Spring was in the air, and as one Boston Globe correspondent wrote, “perhaps the ultimate certainty was watching the Bruins in the Stanley Cup playoffs” every year at that time. When the Bruins clinched a playoff berth on April 11, 1996, it marked a record-breaking 29th consecutive season of playoff hockey for Boston.

The 80th game of the Bruins’ 1995-96 season was held at Boston’s FleetCenter, where they hosted the Hartford Whalers. Although Hartford scored first on a power play midway through the first period, Boston tied up as the final seconds of the period ticked down. Each scored again during the second period, but Boston’s Sandy Moger potted the game winner at 11:32 of the third.
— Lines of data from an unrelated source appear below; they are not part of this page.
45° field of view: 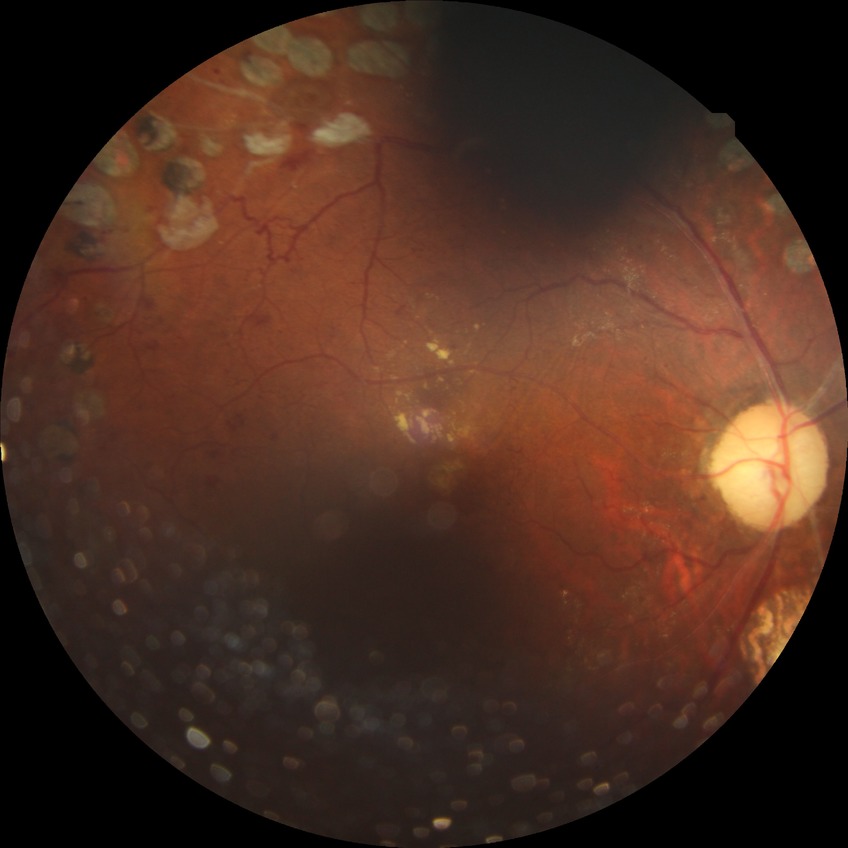

Diabetic retinopathy (DR) is proliferative diabetic retinopathy (PDR).
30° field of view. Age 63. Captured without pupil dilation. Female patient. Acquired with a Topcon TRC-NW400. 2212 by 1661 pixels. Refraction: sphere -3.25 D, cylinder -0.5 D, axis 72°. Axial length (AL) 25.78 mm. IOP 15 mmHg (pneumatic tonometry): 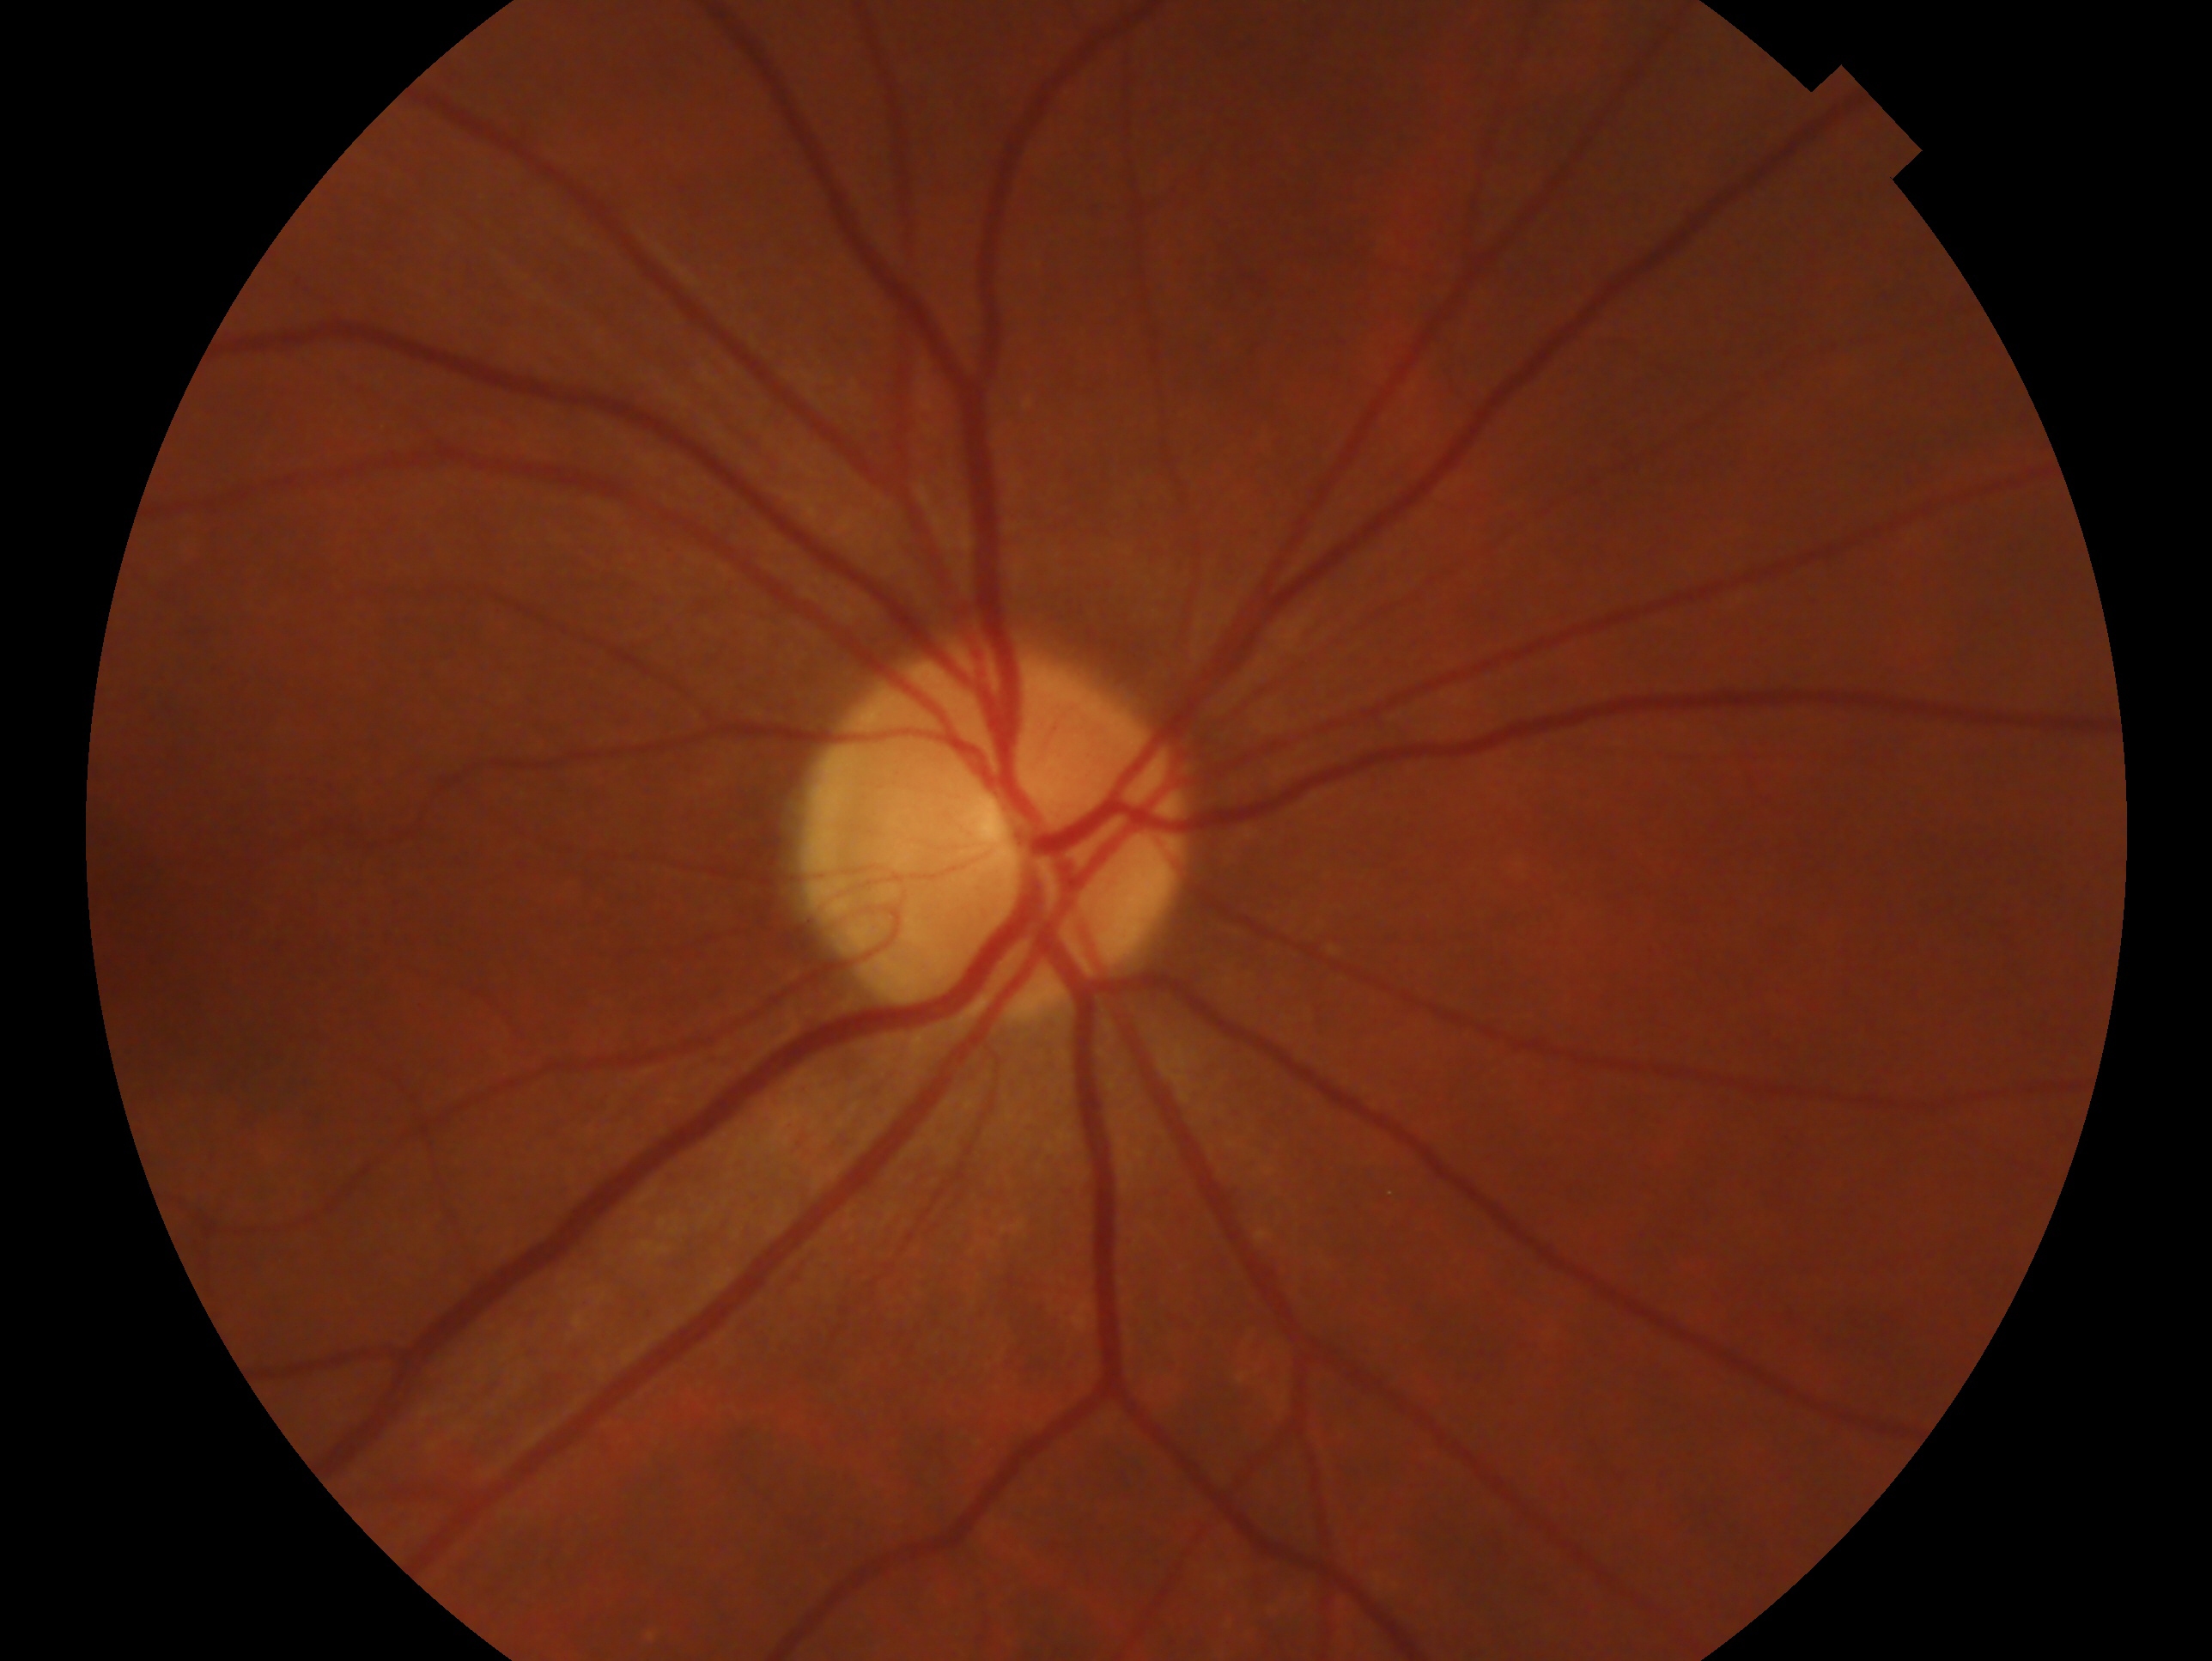
glaucoma assessment: negative for glaucoma | eye: OD.

The victory nudged the Bruins up to 89 points, putting them in a four-way tie (with Washington, Florida, and Montreal) for fourth place in the Eastern Conference. After losing the rematch at Hartford, the Bruins defeated the Pittsburgh Penguins in the season finale. Boston ended the season with 91 points (40-31-11), ranked second in the Northeast Division.

One of the reasons credited for Boston squeaking into the playoffs was the re-attainment of goalie Bill Ranford. After his first two seasons in the NHL, in March 1988 Boston traded Ranford to the Edmonton Oilers only to take him back on January 11, 1996. After clinching, Ranford commented, “It’s a pretty big accomplishment. The team can finally relax a little. We’ve been playing playoff hockey for the last two months. It was good to let off a little steam.”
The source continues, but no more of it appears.